Authors :
Presenting Author: Isaac Thorman, ScM – NYMC
Patricia McGoldrick, NP, MPA, MSN, FAES – Boston Children's Health Physicians; Westchester Medical Center Health Network
Ariel Sacknovitz, MS – New York Medical College
Steven M Wolf, MD – Westchester Medical Center, Hawthorne, NY, United States
Carrie Muh, MD – Maria Fareri Children’s Hospital and Westchester Medical Center
Stephan Mayer, MD – Westchester Medical Center
Michael Schubert, PhD – NYMC
Richard Wang, BS – New York Medical College
Rationale: Refractory status epilepticus (RSE) is a medical emergency defined as “status epilepticus persisting despite administration of at least two appropriately selected and dosed parenteral medications, including a benzodiazepine.” Control of RSE is critical to avoid irreversible neuronal damage, with midazolam and propofol the most commonly used agents. This study evaluates the effectiveness of midazolam compared to propofol in preventing mortality and complications of RSE.

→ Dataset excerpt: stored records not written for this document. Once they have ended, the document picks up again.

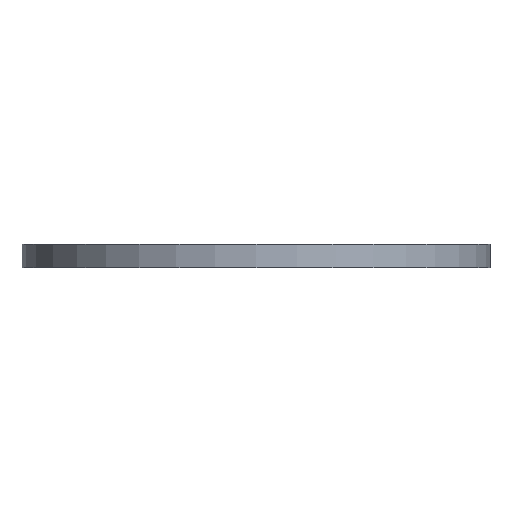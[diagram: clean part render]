
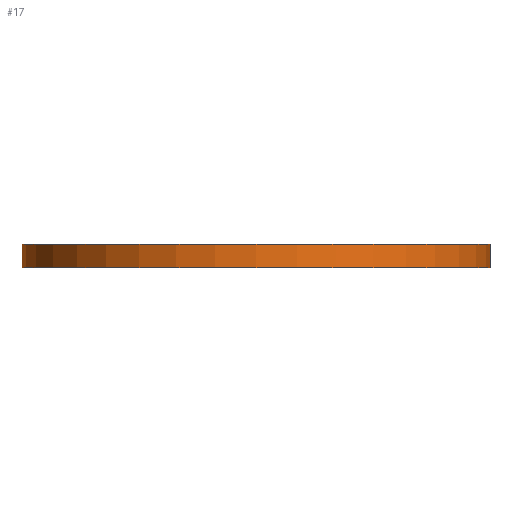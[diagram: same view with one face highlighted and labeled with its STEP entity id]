
A CAD part, front view. The second image highlights one B-rep face of the part: STEP entity #17.
In plain terms, the highlighted cylindrical face has radius 50 mm (diameter 100 mm), a full revolution.
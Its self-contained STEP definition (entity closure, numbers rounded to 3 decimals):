
#17 = ADVANCED_FACE('',(#18),#32,.T.);
#18 = FACE_BOUND('',#19,.F.);
#19 = EDGE_LOOP('',(#20,#50,#81,#82));
#20 = ORIENTED_EDGE('',*,*,#21,.T.);
#21 = EDGE_CURVE('',#22,#24,#26,.T.);
#22 = VERTEX_POINT('',#23);
#23 = CARTESIAN_POINT('',(50.,0.,82.));
#24 = VERTEX_POINT('',#25);
#25 = CARTESIAN_POINT('',(50.,0.,87.));
#26 = SEAM_CURVE('',#27,(#31,#43),.PCURVE_S1.);
#27 = LINE('',#28,#29);
#28 = CARTESIAN_POINT('',(50.,0.,82.));
#29 = VECTOR('',#30,1.);
#30 = DIRECTION('',(0.,0.,1.));
#31 = PCURVE('',#32,#37);
#32 = CYLINDRICAL_SURFACE('',#33,50.);
#33 = AXIS2_PLACEMENT_3D('',#34,#35,#36);
#34 = CARTESIAN_POINT('',(0.,0.,82.));
#35 = DIRECTION('',(-0.,-0.,-1.));
#36 = DIRECTION('',(1.,0.,0.));
#37 = DEFINITIONAL_REPRESENTATION('',(#38),#42);
#38 = LINE('',#39,#40);
#39 = CARTESIAN_POINT('',(-0.,0.));
#40 = VECTOR('',#41,1.);
#41 = DIRECTION('',(-0.,-1.));
#42 = ( GEOMETRIC_REPRESENTATION_CONTEXT(2) 
PARAMETRIC_REPRESENTATION_CONTEXT() REPRESENTATION_CONTEXT('2D SPACE',''
  ) );
#43 = PCURVE('',#32,#44);
#44 = DEFINITIONAL_REPRESENTATION('',(#45),#49);
#45 = LINE('',#46,#47);
#46 = CARTESIAN_POINT('',(-6.283,0.));
#47 = VECTOR('',#48,1.);
#48 = DIRECTION('',(-0.,-1.));
#49 = ( GEOMETRIC_REPRESENTATION_CONTEXT(2) 
PARAMETRIC_REPRESENTATION_CONTEXT() REPRESENTATION_CONTEXT('2D SPACE',''
  ) );
#50 = ORIENTED_EDGE('',*,*,#51,.T.);
#51 = EDGE_CURVE('',#24,#24,#52,.T.);
#52 = SURFACE_CURVE('',#53,(#58,#65),.PCURVE_S1.);
#53 = CIRCLE('',#54,50.);
#54 = AXIS2_PLACEMENT_3D('',#55,#56,#57);
#55 = CARTESIAN_POINT('',(0.,0.,87.));
#56 = DIRECTION('',(0.,0.,1.));
#57 = DIRECTION('',(1.,0.,0.));
#58 = PCURVE('',#32,#59);
#59 = DEFINITIONAL_REPRESENTATION('',(#60),#64);
#60 = LINE('',#61,#62);
#61 = CARTESIAN_POINT('',(-0.,-5.));
#62 = VECTOR('',#63,1.);
#63 = DIRECTION('',(-1.,0.));
#64 = ( GEOMETRIC_REPRESENTATION_CONTEXT(2) 
PARAMETRIC_REPRESENTATION_CONTEXT() REPRESENTATION_CONTEXT('2D SPACE',''
  ) );
#65 = PCURVE('',#66,#71);
#66 = PLANE('',#67);
#67 = AXIS2_PLACEMENT_3D('',#68,#69,#70);
#68 = CARTESIAN_POINT('',(50.,0.,87.));
#69 = DIRECTION('',(0.,0.,-1.));
#70 = DIRECTION('',(-1.,0.,0.));
#71 = DEFINITIONAL_REPRESENTATION('',(#72),#80);
#72 = ( BOUNDED_CURVE() B_SPLINE_CURVE(2,(#73,#74,#75,#76,#77,#78,#79),
.UNSPECIFIED.,.F.,.F.) B_SPLINE_CURVE_WITH_KNOTS((1,2,2,2,2,1),(
    -2.094,0.,2.094,4.189,6.283,
8.378),.UNSPECIFIED.) CURVE() GEOMETRIC_REPRESENTATION_ITEM() 
RATIONAL_B_SPLINE_CURVE((1.,0.5,1.,0.5,1.,0.5,1.)) REPRESENTATION_ITEM(
  '') );
#73 = CARTESIAN_POINT('',(0.,0.));
#74 = CARTESIAN_POINT('',(0.,86.603));
#75 = CARTESIAN_POINT('',(75.,43.301));
#76 = CARTESIAN_POINT('',(150.,0.));
#77 = CARTESIAN_POINT('',(75.,-43.301));
#78 = CARTESIAN_POINT('',(0.,-86.603));
#79 = CARTESIAN_POINT('',(0.,0.));
#80 = ( GEOMETRIC_REPRESENTATION_CONTEXT(2) 
PARAMETRIC_REPRESENTATION_CONTEXT() REPRESENTATION_CONTEXT('2D SPACE',''
  ) );
#81 = ORIENTED_EDGE('',*,*,#21,.F.);
#82 = ORIENTED_EDGE('',*,*,#83,.F.);
#83 = EDGE_CURVE('',#22,#22,#84,.T.);
#84 = SURFACE_CURVE('',#85,(#90,#97),.PCURVE_S1.);
#85 = CIRCLE('',#86,50.);
#86 = AXIS2_PLACEMENT_3D('',#87,#88,#89);
#87 = CARTESIAN_POINT('',(0.,0.,82.));
#88 = DIRECTION('',(0.,0.,1.));
#89 = DIRECTION('',(1.,0.,0.));
#90 = PCURVE('',#32,#91);
#91 = DEFINITIONAL_REPRESENTATION('',(#92),#96);
#92 = LINE('',#93,#94);
#93 = CARTESIAN_POINT('',(-0.,0.));
#94 = VECTOR('',#95,1.);
#95 = DIRECTION('',(-1.,0.));
#96 = ( GEOMETRIC_REPRESENTATION_CONTEXT(2) 
PARAMETRIC_REPRESENTATION_CONTEXT() REPRESENTATION_CONTEXT('2D SPACE',''
  ) );
#97 = PCURVE('',#98,#103);
#98 = PLANE('',#99);
#99 = AXIS2_PLACEMENT_3D('',#100,#101,#102);
#100 = CARTESIAN_POINT('',(50.,0.,82.));
#101 = DIRECTION('',(0.,0.,-1.));
#102 = DIRECTION('',(-1.,0.,0.));
#103 = DEFINITIONAL_REPRESENTATION('',(#104),#112);
#104 = ( BOUNDED_CURVE() B_SPLINE_CURVE(2,(#105,#106,#107,#108,#109,#110
,#111),.UNSPECIFIED.,.F.,.F.) B_SPLINE_CURVE_WITH_KNOTS((1,2,2,2,2,1),(
    -2.094,0.,2.094,4.189,6.283,
8.378),.UNSPECIFIED.) CURVE() GEOMETRIC_REPRESENTATION_ITEM() 
RATIONAL_B_SPLINE_CURVE((1.,0.5,1.,0.5,1.,0.5,1.)) REPRESENTATION_ITEM(
  '') );
#105 = CARTESIAN_POINT('',(0.,0.));
#106 = CARTESIAN_POINT('',(0.,86.603));
#107 = CARTESIAN_POINT('',(75.,43.301));
#108 = CARTESIAN_POINT('',(150.,0.));
#109 = CARTESIAN_POINT('',(75.,-43.301));
#110 = CARTESIAN_POINT('',(0.,-86.603));
#111 = CARTESIAN_POINT('',(0.,0.));
#112 = ( GEOMETRIC_REPRESENTATION_CONTEXT(2) 
PARAMETRIC_REPRESENTATION_CONTEXT() REPRESENTATION_CONTEXT('2D SPACE',''
  ) );

Methods: All patients from the TriNetX Research Network who received either midazolam or propofol monotherapy on the day of RSE onset were included. Outcomes were assessed at 30 days and maximal follow-up (≤20 years) using Cox proportional hazard models. Patients were censured at the end of their medical record. Propensity score matching (1:1) controlled for demographics and 93 comorbidities from the Charlson Comorbidity Index.
Results:
Among 117,736 patients with RSE, 5,310 received midazolam and 2,136 received propofol. After matching, midazolam was associated with significantly decreased hazards of mortality at 30 days (HR=0.509 [95% CI: 0.397, 0.653]) but not at maximal follow-up(HR=0.922 [0.797, 1.067]). Midazolam was also associated with significantly reduced hazards of lactic acidosis (HR=0.537 [0.427, 0.674]), rhabdomyolysis (HR=0.295 [0.150, 0.578]), hypertriglyceridemia (HR=0.316 [0.135, 0.740]), tracheostomy (HR=0.633 [0.438, 0.916]), PEG placement (HR=0.519 [0.371, 0.725]), and mechanical ventilation (HR=0.313 [0.265, 0.370]). Midazolam was associated with a significant decrease in the hazard of 30-day mortality in RSE in patients with focal/partial symptomatic epilepsy with complex/partial seizures (HR=0.550 [0.378, 0.799]). However, midazolam was not associated with significantly changed hazards of 30-day mortality in RSE in focal/partial idiopathic epilepsy with localized onset (HR=0.142 [0.018, 1.157)], focal/partial symptomatic epilepsy with simple/partial seizures (HR=0.690 [0.378, 1.258]), general idiopathic epilepsy (HR=0.582 [0.275, 1.232]), and other generalized epilepsy (HR=0.757 [0.434, 1.287]). Among patients with a traumatic brain injury in the week prior to RSE onset, midazolam was associated with a significantly lower hazard of 30-day mortality (HR=0.381 [0.136, 0.993]), while the hazards were not significantly changed in patients with CNS infections (HR=1.150 [0.351, 3.768]) or
cerebrovascular disease (HR=0.656 [0.421, 1.025]) in the week prior to RSE onset.
Conclusions:
: Midazolam monotherapy for RSE was associated with decreased mortality and adverse effects compared to propofol monotherapy in the short term, but was relatively equivalent in the long term. These findings support the 2012 Neurocritical Care Society Guidelines, which recommend midazolam over propofol as treatment for RSE. Prospective comparative trials are needed to ascertain the superiority of either intervention in reducing morbidity and mortality in patients with RSE.
Funding:
This research received no funding from any agencies in the public, commercial, or not-for-profit sectors.